*** DATA FOR ANALYSIS
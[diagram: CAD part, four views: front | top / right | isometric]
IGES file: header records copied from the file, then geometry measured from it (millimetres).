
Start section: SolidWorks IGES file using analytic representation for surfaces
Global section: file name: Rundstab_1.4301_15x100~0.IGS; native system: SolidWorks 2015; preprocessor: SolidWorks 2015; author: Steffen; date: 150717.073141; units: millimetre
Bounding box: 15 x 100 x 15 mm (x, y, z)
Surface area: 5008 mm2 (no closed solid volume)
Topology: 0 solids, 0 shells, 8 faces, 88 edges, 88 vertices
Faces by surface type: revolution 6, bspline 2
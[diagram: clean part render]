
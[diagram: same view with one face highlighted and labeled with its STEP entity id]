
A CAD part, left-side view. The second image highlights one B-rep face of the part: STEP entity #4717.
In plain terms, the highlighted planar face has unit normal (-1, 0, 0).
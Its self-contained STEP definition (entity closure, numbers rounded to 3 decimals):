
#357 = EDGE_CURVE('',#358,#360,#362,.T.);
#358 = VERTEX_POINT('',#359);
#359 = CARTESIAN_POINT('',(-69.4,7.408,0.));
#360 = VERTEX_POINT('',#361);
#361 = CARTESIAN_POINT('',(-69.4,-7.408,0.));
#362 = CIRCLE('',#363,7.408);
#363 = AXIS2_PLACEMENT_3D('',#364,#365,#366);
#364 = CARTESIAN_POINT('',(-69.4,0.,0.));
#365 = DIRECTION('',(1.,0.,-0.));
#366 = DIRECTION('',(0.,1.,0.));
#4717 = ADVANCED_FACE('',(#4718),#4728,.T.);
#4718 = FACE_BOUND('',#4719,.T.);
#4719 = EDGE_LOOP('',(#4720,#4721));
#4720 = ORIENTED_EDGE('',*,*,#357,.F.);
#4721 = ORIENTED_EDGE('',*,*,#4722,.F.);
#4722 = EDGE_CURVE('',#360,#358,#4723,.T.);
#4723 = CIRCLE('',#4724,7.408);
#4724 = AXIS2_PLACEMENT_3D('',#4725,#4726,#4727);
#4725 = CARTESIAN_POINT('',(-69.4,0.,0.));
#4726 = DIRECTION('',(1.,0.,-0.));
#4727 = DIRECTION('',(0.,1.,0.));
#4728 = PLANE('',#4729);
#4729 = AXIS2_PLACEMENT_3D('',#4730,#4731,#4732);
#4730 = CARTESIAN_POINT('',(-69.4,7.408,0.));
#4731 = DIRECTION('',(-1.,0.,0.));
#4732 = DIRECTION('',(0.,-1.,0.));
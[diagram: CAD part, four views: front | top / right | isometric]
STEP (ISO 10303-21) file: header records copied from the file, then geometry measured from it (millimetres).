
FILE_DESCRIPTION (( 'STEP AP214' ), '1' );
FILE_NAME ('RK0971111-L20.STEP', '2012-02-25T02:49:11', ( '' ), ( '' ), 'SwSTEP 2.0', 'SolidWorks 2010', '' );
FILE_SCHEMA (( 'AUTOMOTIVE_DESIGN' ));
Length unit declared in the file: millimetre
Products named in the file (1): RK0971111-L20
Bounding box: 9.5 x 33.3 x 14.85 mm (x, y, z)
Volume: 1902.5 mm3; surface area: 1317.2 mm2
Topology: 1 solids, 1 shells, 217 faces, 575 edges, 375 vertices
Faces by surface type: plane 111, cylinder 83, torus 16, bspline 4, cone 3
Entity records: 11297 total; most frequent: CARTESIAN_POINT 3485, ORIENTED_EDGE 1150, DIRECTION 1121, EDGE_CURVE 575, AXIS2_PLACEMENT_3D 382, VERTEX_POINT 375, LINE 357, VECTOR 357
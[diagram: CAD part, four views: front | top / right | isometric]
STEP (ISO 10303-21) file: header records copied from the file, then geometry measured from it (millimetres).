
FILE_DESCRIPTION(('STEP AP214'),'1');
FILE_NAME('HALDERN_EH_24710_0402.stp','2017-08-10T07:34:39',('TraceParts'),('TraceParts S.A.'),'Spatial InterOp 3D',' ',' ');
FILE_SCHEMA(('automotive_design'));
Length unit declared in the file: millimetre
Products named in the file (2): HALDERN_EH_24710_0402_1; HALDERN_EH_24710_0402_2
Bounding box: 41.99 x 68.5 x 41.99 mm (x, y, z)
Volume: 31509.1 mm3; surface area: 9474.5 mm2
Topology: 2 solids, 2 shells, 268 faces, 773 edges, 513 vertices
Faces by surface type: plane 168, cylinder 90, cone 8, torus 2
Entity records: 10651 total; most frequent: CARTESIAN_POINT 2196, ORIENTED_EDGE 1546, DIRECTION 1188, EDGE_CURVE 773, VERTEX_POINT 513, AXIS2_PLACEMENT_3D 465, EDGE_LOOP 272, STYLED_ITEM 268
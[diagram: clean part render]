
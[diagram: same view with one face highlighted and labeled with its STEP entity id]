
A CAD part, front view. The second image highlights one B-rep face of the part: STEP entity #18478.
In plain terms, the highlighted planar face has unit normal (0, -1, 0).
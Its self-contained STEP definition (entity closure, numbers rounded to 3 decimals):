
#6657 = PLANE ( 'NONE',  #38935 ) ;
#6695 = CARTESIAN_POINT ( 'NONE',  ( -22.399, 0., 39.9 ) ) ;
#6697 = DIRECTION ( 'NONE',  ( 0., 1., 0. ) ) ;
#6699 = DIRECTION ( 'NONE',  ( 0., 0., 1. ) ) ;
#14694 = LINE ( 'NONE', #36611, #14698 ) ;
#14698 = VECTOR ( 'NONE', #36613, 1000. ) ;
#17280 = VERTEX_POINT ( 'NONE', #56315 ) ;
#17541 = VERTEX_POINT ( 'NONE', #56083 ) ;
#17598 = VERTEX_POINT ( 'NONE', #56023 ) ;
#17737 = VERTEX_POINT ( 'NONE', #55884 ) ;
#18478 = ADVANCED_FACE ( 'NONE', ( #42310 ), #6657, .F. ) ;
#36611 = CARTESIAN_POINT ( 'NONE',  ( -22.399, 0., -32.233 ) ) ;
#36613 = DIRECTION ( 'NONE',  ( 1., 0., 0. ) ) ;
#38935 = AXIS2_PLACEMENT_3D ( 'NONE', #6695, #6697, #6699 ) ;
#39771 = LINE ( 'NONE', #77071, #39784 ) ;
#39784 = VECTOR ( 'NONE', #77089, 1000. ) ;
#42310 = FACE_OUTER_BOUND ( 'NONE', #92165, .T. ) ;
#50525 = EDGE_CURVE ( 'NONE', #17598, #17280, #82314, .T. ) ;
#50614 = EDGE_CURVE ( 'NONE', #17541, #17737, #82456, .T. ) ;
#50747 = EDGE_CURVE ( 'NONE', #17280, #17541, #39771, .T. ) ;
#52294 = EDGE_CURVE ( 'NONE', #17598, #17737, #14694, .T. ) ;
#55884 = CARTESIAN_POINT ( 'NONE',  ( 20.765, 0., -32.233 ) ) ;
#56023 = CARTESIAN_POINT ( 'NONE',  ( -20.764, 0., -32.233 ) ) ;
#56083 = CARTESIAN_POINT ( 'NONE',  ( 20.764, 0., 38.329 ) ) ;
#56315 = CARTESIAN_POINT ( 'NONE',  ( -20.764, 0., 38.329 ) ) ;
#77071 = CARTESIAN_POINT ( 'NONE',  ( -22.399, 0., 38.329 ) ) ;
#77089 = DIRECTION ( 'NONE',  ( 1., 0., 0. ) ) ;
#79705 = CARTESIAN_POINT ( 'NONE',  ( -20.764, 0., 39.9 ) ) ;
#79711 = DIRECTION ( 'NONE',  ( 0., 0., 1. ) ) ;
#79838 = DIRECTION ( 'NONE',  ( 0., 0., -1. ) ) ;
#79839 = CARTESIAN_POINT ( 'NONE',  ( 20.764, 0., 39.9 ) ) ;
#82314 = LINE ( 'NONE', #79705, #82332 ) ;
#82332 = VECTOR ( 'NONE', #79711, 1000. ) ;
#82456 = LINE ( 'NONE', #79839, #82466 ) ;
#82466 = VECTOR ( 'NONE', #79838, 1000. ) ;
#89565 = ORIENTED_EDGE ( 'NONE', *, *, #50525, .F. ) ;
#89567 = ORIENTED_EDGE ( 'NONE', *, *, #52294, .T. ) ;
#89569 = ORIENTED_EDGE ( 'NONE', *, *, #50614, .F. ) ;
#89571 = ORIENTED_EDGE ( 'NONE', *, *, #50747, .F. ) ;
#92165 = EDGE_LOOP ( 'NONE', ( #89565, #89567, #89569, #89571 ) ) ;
******
Every line in the entries above that mentions the word "named" must be shown.

Products named in the file (1): RK0971111-L20
Products named in the file (2): HALDERN_EH_24710_0402_1; HALDERN_EH_24710_0402_2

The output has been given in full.